The growing influence of stakeholders in demanding accountability offers hope for the future. Shareholders, employees, and customers are increasingly recognising the importance of competent leadership and using their voices to push for change. Trends such as increased board diversity and shareholder activism are reshaping the governance landscape, emphasising the need for better leadership at the top. Ultimately, organisations that prioritise competent chairmanship not only enhance their internal governance but also build trust and credibility with their stakeholders.

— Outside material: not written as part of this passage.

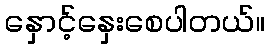
နှောင့်နှေးစေပါတယ်။

To conclude, the incompetency of board chairpersons is a pressing issue that undermines organisational success and stakeholder confidence. By addressing the root causes, enforcing stricter selection criteria, and promoting transparency, organisations can nurture more effective leadership at the board level. A competent chairperson is not just a figurehead but a driving force for sustainable growth, ethical governance, and long-term success. Stakeholders must remain vigilant in demanding accountability, ensuring that organisations are led by individuals who possess the right skills, values, and vision. By embracing change and implementing the necessary reforms, organisations can cultivate a governance culture that prioritises competence, integrity, and long-term prosperity.